Le rassemblement de l’extrême-droite européenne à Milan plombé par le scandale autrichien

Douze partis d’extrême droite eurosceptiques ont répondu, samedi 18 mai à Milan, à l’invitation du ministre italien de l’Intérieur, Matteo Salvini (EUROPE 12230/22). Mais, avant même d’avoir commencé, le rassemblement a été entaché par le scandale frappant son allié autrichien, le FPÖ. 

Bien loin des 100 000 personnes attendues par Matteo Salvini, ils étaient entre 30 et 40 000 partisans sur la place du Duomo, rapportent plusieurs médias italiens. 

Aux côtés du chef de la Lega et de la présidente du Rassemblement National (RN) français, Marine Le Pen, étaient aussi présents Geert Wilders pour le Parti pour la liberté (PVV) néerlandais, Veselin Mareshki pour le parti bulgare Volya, Tomio Okamura pour le SPD tchèque et Boris Kollar pour le Sme Rodina slovaque. 

L'AfD allemande était représentée par l'eurodéputé Jörg Meuthen, le FPÖ autrichien par Georg Mayer, le Vlaams Belang flamand par l'eurodéputé Gerolf Annemans, aussi président du Mouvement pour une Europe des Nations et Libertés (MENL). Le Parti populaire danois était, quant à lui, représenté par l'eurodéputé Anders Vistisen, le parti estonien Ekre par son vice-président Jaak Madison et les Vrais Finlandais par sa vice-présidente Laura Huhtasaari. 

Ont en revanche brillé par leur absence le Premier ministre hongrois, Viktor Orbán, qui a pourtant annoncé sa volonté d’une coopération avec M. Salvini sur la ligne migratoire (EUROPE 12246/26), mais qui refuse toute alliance avec Mme Le Pen, ainsi que le Parti Droit et Justice (PiS) polonais. 

Accompagnée de sa tête de liste pour les Européennes, Jordan Bardella, Marine Le Pen a estimé que cette manifestation était un « acte fondateur de la révolution pacifique et démocratique qui voit dans tous les pays le réveil des peuples ». Elle a même prêté l’hymne national français à ses compatriotes européens, scandant : « Allons enfants des patries, le jour de gloire est arrivé. » 

« Notre projet est celui d’une coopération entre États, celui d’une Europe des Nations libre, souveraine, qui respecte l’identité et la volonté des peuples sans jamais rien leur imposer de contraire à leurs intérêts », a-t-elle expliqué. 

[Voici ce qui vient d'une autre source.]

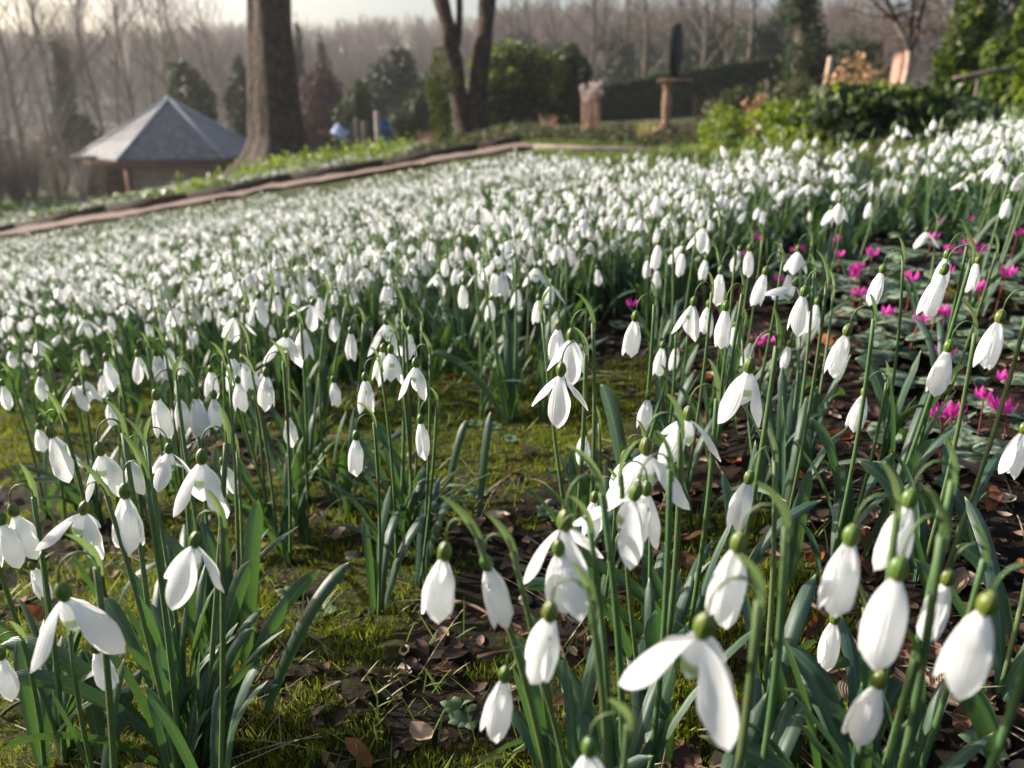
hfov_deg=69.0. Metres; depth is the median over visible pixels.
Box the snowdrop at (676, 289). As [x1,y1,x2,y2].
[660,204,679,312]
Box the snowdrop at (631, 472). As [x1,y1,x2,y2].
[522,393,711,663]
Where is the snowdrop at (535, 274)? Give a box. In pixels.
[519,243,576,390]
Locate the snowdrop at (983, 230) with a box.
[966,132,1013,259]
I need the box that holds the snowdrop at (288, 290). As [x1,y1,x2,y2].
[260,269,294,406]
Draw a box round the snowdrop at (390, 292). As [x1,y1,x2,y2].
[388,268,401,386]
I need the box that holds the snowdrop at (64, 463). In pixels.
[44,389,155,615]
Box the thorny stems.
[691,86,717,130]
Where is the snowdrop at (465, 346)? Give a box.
[450,255,533,382]
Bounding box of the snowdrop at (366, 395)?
[317,347,468,565]
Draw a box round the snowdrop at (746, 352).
[740,314,831,503]
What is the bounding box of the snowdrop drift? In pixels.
[0,100,1023,415]
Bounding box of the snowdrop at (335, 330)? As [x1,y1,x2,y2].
[282,292,400,477]
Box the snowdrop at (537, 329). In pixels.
[530,227,553,343]
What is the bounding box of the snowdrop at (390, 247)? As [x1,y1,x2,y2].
[374,226,403,356]
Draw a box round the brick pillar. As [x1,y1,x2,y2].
[890,53,914,82]
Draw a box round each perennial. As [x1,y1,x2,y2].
[702,83,754,136]
[753,69,814,147]
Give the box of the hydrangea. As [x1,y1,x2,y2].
[821,51,888,86]
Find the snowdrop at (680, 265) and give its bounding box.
[640,225,695,387]
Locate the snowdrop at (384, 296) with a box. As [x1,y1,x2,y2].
[380,267,423,408]
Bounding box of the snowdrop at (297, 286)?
[293,271,301,309]
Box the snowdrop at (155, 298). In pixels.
[149,276,186,355]
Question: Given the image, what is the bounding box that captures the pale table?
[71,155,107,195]
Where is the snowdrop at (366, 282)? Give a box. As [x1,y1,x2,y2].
[348,261,374,371]
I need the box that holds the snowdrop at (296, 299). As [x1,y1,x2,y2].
[291,277,344,409]
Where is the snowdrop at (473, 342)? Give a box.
[468,243,485,366]
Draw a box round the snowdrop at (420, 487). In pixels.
[347,318,492,548]
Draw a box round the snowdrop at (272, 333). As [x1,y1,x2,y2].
[247,310,275,416]
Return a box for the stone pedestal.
[653,79,692,135]
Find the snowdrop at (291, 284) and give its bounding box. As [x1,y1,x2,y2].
[283,265,293,392]
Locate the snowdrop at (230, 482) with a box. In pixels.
[169,434,274,584]
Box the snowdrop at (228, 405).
[216,308,240,429]
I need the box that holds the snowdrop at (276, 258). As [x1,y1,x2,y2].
[266,235,292,376]
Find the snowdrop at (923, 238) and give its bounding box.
[888,208,938,317]
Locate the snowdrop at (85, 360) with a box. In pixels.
[81,333,127,413]
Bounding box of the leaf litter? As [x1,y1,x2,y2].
[0,162,1023,767]
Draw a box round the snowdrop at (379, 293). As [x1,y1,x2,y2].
[358,238,389,340]
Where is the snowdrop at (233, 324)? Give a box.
[203,286,262,441]
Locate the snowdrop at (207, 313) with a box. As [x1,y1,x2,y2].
[197,292,228,415]
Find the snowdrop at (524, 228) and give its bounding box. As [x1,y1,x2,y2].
[521,203,564,314]
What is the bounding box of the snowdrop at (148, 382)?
[120,285,189,404]
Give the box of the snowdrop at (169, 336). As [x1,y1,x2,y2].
[159,306,225,428]
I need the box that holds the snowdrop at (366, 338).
[349,274,368,371]
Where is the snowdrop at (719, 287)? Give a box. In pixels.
[636,242,736,466]
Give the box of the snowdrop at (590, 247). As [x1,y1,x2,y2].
[579,225,596,325]
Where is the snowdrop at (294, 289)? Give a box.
[284,263,298,332]
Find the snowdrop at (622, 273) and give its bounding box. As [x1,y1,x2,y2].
[611,189,645,309]
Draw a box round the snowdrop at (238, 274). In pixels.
[227,253,274,383]
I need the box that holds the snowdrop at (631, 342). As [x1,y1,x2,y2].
[590,280,658,470]
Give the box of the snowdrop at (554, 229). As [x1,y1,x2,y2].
[523,206,560,321]
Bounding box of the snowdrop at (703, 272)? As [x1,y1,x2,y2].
[698,239,788,366]
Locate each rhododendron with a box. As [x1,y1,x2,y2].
[448,39,572,127]
[543,41,594,127]
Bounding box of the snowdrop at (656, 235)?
[645,213,662,342]
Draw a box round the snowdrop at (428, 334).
[407,254,445,350]
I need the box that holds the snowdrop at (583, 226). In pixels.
[559,200,637,331]
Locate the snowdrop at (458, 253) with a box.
[429,228,468,356]
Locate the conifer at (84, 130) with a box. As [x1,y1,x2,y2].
[48,33,100,173]
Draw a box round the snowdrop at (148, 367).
[141,301,167,390]
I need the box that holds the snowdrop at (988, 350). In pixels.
[909,267,1023,571]
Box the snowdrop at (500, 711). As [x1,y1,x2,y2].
[480,633,618,767]
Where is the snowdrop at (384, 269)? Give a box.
[370,242,399,353]
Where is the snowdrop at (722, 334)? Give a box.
[646,266,785,533]
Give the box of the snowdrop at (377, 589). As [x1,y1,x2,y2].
[348,402,454,615]
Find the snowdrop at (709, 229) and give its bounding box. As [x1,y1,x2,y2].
[686,204,712,299]
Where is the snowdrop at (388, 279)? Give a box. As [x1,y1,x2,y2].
[386,250,397,379]
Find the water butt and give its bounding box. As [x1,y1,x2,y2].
[374,120,390,147]
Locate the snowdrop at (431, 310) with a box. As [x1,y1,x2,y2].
[419,239,455,344]
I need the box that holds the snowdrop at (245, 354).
[214,283,255,416]
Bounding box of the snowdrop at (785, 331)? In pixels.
[782,248,849,368]
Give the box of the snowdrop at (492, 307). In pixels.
[462,294,508,371]
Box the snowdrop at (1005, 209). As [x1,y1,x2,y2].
[960,177,1023,316]
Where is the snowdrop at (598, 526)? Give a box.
[576,468,620,631]
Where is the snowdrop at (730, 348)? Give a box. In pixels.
[722,307,746,423]
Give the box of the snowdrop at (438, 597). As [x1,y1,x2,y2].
[421,495,651,767]
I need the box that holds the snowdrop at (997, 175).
[968,140,1023,311]
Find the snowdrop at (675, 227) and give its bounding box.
[671,205,688,311]
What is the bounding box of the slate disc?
[669,22,682,78]
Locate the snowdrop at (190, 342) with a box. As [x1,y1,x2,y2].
[185,320,226,431]
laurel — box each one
[924,0,1021,83]
[928,0,1001,99]
[974,0,1023,112]
[1008,63,1023,119]
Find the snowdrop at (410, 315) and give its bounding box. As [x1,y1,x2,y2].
[405,243,424,350]
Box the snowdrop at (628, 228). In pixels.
[602,199,634,311]
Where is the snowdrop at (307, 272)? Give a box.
[297,254,329,326]
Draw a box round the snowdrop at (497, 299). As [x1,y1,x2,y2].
[453,237,502,342]
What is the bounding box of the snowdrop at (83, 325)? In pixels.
[73,303,121,441]
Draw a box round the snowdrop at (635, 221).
[630,196,658,306]
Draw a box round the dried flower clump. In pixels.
[580,80,602,132]
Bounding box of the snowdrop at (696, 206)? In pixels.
[692,183,705,310]
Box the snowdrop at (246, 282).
[220,255,251,392]
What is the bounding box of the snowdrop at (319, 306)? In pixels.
[260,276,323,412]
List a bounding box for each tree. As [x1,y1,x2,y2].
[0,0,36,87]
[0,0,48,161]
[0,0,87,184]
[0,0,90,156]
[0,0,128,176]
[15,0,129,122]
[27,0,147,137]
[28,0,204,119]
[36,0,112,118]
[71,0,174,126]
[89,0,222,92]
[91,0,192,105]
[112,0,221,74]
[149,0,246,124]
[151,0,246,129]
[166,57,218,123]
[221,0,314,175]
[222,53,247,138]
[416,67,452,130]
[432,0,495,134]
[463,0,553,52]
[473,0,607,72]
[497,0,585,47]
[509,30,552,118]
[535,0,672,87]
[549,42,582,79]
[566,0,640,83]
[578,21,640,84]
[580,0,677,78]
[606,10,669,78]
[619,0,710,77]
[631,0,701,66]
[646,34,694,76]
[652,1,740,68]
[659,0,776,66]
[669,0,757,39]
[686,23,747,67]
[689,0,760,60]
[689,0,768,62]
[722,19,778,58]
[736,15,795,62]
[747,0,843,48]
[770,0,833,93]
[816,0,975,86]
[833,0,902,52]
[918,0,960,38]
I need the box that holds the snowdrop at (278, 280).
[274,250,313,369]
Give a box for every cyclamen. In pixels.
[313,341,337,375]
[609,298,670,336]
[717,251,756,277]
[739,330,803,375]
[748,205,1023,388]
[754,233,780,262]
[764,274,795,303]
[775,245,805,269]
[790,223,810,243]
[809,249,867,284]
[811,234,843,278]
[816,268,862,302]
[835,287,895,319]
[837,246,893,293]
[839,261,884,294]
[855,311,937,362]
[861,269,918,325]
[866,304,905,345]
[867,401,989,467]
[871,212,914,235]
[884,304,970,347]
[893,232,939,277]
[899,217,945,245]
[901,400,991,465]
[915,345,991,388]
[919,247,965,272]
[927,243,959,272]
[941,265,1022,327]
[943,393,1023,469]
[944,385,992,435]
[945,264,992,300]
[950,214,1005,243]
[963,238,1016,284]
[966,368,1023,429]
[969,280,1023,323]
[982,227,1023,266]
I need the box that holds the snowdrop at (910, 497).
[859,435,958,767]
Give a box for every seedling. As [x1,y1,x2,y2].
[275,586,302,598]
[315,599,339,616]
[440,696,474,718]
[448,704,482,729]
[466,487,487,497]
[469,419,484,425]
[492,421,501,428]
[504,434,519,441]
[536,505,554,516]
[549,510,559,521]
[958,725,1009,759]
[990,657,1013,674]
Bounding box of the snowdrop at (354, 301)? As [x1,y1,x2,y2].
[317,279,358,379]
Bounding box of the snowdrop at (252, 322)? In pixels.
[220,293,262,428]
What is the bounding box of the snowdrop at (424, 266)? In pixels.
[388,243,431,352]
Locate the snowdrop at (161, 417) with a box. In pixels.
[151,348,205,650]
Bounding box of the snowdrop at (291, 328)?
[290,251,321,374]
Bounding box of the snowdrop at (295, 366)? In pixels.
[266,263,298,375]
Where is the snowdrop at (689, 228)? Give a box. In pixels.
[649,202,693,327]
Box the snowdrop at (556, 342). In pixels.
[523,287,614,528]
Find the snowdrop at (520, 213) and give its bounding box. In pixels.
[507,189,524,336]
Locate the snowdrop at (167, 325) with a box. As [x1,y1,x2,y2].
[164,303,200,398]
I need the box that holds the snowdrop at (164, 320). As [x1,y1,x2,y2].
[144,302,175,402]
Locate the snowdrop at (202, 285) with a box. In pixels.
[195,263,221,361]
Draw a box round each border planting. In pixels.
[0,152,363,225]
[170,132,420,194]
[398,119,761,155]
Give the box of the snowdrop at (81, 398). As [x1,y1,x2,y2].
[12,360,121,531]
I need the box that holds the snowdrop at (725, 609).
[705,481,812,767]
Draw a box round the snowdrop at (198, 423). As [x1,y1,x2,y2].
[173,354,268,625]
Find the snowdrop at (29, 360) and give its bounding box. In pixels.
[21,334,57,425]
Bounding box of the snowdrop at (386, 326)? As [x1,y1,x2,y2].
[367,283,430,537]
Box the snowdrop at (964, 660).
[791,562,1023,767]
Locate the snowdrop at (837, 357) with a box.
[777,293,907,582]
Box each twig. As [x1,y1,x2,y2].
[0,701,19,717]
[255,634,306,682]
[454,600,506,630]
[477,647,525,658]
[519,555,552,560]
[600,544,673,554]
[804,725,824,740]
[811,602,861,645]
[952,553,969,568]
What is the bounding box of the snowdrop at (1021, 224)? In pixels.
[999,196,1023,260]
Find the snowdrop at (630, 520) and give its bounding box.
[479,430,675,767]
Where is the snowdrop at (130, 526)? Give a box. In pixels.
[15,433,276,767]
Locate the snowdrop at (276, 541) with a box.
[174,359,296,649]
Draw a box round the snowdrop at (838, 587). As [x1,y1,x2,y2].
[739,463,901,767]
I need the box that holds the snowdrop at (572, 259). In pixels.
[569,234,599,350]
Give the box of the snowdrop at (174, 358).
[121,324,190,488]
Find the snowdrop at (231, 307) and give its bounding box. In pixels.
[229,283,249,350]
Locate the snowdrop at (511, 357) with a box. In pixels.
[433,242,532,423]
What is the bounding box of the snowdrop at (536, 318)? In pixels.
[532,274,611,423]
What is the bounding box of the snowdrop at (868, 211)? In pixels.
[825,184,883,275]
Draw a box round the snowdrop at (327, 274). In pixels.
[325,252,338,321]
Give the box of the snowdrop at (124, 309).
[108,292,143,406]
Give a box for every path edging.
[0,136,520,235]
[534,144,675,153]
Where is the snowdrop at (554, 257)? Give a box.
[551,227,584,343]
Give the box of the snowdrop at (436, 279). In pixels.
[425,254,451,372]
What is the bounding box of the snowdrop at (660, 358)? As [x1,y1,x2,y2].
[653,321,694,459]
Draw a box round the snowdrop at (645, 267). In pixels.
[628,241,683,352]
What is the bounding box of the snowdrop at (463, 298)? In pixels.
[458,257,520,419]
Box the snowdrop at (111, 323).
[93,300,115,395]
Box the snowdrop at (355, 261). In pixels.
[349,237,379,350]
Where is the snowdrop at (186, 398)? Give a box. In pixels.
[183,308,202,428]
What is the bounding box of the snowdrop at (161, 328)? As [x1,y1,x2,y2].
[147,306,181,397]
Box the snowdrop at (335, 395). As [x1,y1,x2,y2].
[308,356,374,506]
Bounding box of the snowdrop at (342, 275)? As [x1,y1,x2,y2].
[338,247,374,394]
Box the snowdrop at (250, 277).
[235,255,261,376]
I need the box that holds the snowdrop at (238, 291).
[233,262,281,400]
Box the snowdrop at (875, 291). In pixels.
[855,236,924,462]
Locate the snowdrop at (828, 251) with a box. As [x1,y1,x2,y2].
[806,187,841,302]
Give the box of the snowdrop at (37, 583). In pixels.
[0,556,68,692]
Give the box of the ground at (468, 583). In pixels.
[0,39,1023,767]
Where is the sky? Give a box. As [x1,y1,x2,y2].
[0,0,1016,57]
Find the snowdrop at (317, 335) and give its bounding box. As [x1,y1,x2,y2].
[298,253,329,376]
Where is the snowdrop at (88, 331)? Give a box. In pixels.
[81,307,115,399]
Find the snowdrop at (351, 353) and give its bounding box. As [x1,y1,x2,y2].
[308,306,415,517]
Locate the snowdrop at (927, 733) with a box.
[783,524,989,767]
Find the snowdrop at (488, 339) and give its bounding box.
[475,254,497,383]
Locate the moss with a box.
[0,194,1022,767]
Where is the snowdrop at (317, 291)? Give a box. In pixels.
[316,273,322,345]
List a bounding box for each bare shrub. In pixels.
[0,74,63,198]
[0,102,40,198]
[0,127,53,204]
[15,101,90,198]
[62,138,110,195]
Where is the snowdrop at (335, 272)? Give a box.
[327,266,340,370]
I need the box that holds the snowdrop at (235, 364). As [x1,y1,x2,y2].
[218,321,272,535]
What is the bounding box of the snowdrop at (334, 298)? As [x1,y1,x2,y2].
[330,273,367,391]
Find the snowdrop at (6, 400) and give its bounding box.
[0,362,94,517]
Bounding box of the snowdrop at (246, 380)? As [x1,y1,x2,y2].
[215,329,329,535]
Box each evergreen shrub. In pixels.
[691,102,752,150]
[738,97,837,150]
[782,79,961,147]
[933,85,1006,138]
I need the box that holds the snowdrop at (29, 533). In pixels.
[7,464,105,761]
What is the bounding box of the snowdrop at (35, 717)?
[0,621,146,766]
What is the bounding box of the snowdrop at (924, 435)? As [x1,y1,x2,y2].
[900,219,975,453]
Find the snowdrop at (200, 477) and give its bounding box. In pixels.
[173,405,320,766]
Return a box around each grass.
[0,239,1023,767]
[0,248,1020,767]
[1,130,759,235]
[530,136,979,182]
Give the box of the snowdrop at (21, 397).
[0,323,44,433]
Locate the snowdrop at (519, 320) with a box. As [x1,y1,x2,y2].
[504,223,531,348]
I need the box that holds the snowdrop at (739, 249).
[728,224,768,379]
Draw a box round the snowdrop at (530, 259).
[526,231,570,350]
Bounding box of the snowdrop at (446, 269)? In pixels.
[442,238,488,372]
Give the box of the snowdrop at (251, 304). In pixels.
[218,273,262,369]
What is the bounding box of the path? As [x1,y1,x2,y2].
[0,143,677,234]
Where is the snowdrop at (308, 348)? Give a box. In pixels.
[263,291,335,504]
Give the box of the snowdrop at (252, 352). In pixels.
[251,273,263,376]
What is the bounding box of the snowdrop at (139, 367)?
[132,332,191,496]
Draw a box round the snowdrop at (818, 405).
[733,269,850,473]
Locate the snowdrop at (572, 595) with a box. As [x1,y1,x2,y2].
[523,444,750,767]
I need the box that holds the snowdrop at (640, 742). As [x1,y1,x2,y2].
[531,496,688,767]
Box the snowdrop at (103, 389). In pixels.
[98,358,142,456]
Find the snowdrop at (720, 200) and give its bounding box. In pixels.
[685,175,733,308]
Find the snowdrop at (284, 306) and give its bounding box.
[266,251,293,373]
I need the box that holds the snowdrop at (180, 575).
[143,488,266,767]
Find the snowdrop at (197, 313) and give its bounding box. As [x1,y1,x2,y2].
[184,293,200,366]
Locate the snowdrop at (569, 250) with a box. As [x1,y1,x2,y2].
[532,231,571,318]
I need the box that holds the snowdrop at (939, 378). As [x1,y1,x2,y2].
[858,299,977,592]
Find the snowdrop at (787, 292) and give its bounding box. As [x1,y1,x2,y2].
[742,253,878,496]
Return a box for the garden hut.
[78,95,246,196]
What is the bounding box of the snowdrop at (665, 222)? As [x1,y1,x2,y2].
[624,199,678,330]
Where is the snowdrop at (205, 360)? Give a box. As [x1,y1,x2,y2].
[172,324,208,393]
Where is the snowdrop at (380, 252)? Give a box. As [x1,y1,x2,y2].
[345,234,389,359]
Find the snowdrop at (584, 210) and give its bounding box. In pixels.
[558,192,593,329]
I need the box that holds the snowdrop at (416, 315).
[398,248,423,335]
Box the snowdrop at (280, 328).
[257,289,284,345]
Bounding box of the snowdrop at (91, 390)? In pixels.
[66,358,104,523]
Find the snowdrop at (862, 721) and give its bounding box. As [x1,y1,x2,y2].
[793,627,919,767]
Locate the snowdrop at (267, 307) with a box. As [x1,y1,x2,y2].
[256,287,284,384]
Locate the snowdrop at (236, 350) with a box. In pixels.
[233,272,251,363]
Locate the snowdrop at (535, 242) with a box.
[530,220,558,319]
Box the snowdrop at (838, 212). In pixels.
[799,181,850,315]
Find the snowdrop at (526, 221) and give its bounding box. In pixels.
[514,201,533,316]
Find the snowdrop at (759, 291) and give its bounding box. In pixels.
[718,241,816,461]
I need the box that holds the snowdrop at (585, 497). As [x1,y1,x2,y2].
[563,406,641,543]
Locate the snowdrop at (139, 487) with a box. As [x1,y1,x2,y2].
[123,417,213,725]
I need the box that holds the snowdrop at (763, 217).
[745,195,779,303]
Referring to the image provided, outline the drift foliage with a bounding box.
[0,137,1023,375]
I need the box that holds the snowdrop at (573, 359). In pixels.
[539,292,653,549]
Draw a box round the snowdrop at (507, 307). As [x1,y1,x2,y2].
[493,227,509,332]
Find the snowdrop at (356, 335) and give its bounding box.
[337,245,368,369]
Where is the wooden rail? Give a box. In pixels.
[953,66,1023,95]
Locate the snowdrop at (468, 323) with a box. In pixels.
[467,247,486,341]
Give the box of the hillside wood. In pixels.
[0,0,1014,124]
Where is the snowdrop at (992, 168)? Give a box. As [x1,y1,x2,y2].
[963,141,1003,258]
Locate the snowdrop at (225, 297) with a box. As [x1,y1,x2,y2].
[215,276,276,357]
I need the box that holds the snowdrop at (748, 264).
[731,223,794,406]
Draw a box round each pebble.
[345,550,361,560]
[375,401,383,405]
[477,689,487,694]
[519,594,532,605]
[545,499,556,506]
[855,618,861,632]
[1014,385,1023,391]
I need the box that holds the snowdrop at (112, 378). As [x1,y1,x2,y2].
[103,328,165,518]
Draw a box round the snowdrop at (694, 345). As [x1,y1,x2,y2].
[668,223,713,374]
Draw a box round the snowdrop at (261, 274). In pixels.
[255,247,297,384]
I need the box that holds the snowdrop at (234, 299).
[208,294,242,363]
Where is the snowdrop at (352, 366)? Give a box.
[336,263,357,380]
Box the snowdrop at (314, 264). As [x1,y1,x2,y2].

Plus tôt, en conférence de presse, Marine Le Pen s’en est aussi prise au président de la République française, Emmanuel Macron, le qualifiant « d’enfant-roi » et estimant à nouveau que, s’il n’arrivait pas en tête des élections européennes en France, il devrait quitter son poste. 

Explosion de la coalition gouvernementale en Autriche

Ce n’est pas la manifestation antifasciste, le même jour à Milan, qui est venue perturber le rassemblement, mais bien le scandale ayant frappé le Parti de la liberté d’Autriche (FPÖ). 

Son chef de file, Heinz-Christian Strache, a démissionné samedi de son poste de vice-chancelier et a quitté la direction du parti après la diffusion d’une vidéo le montrant en train de discuter avec une femme se présentant comme la nièce d'un oligarque russe de lignes éditoriales et du possible rachat d'un groupe de presse, mais aussi promettre l'attribution de marchés publics en échange d'avantages financiers et politiques. 

Norbet Hofer, le ministre des Transports, a été désigné comme nouveau chef du Parti. L'eurodéputé Harald Vilimsky, tête de liste du FPÖ pour les élections européennes, a annulé sa venue à Milan et a donc été remplacé par l'eurodéputé Georg Mayer. 

Le scandale a provoqué l'effondrement de la coalition gouvernementale en Autriche entre le FPÖ et le Parti populaire autrichien (ÖVP). Le chancelier, Sebastian Kurz, et le président, Alexander Van der Bellen, ont annoncé dans la foulée la tenue d'élections anticipées en septembre. 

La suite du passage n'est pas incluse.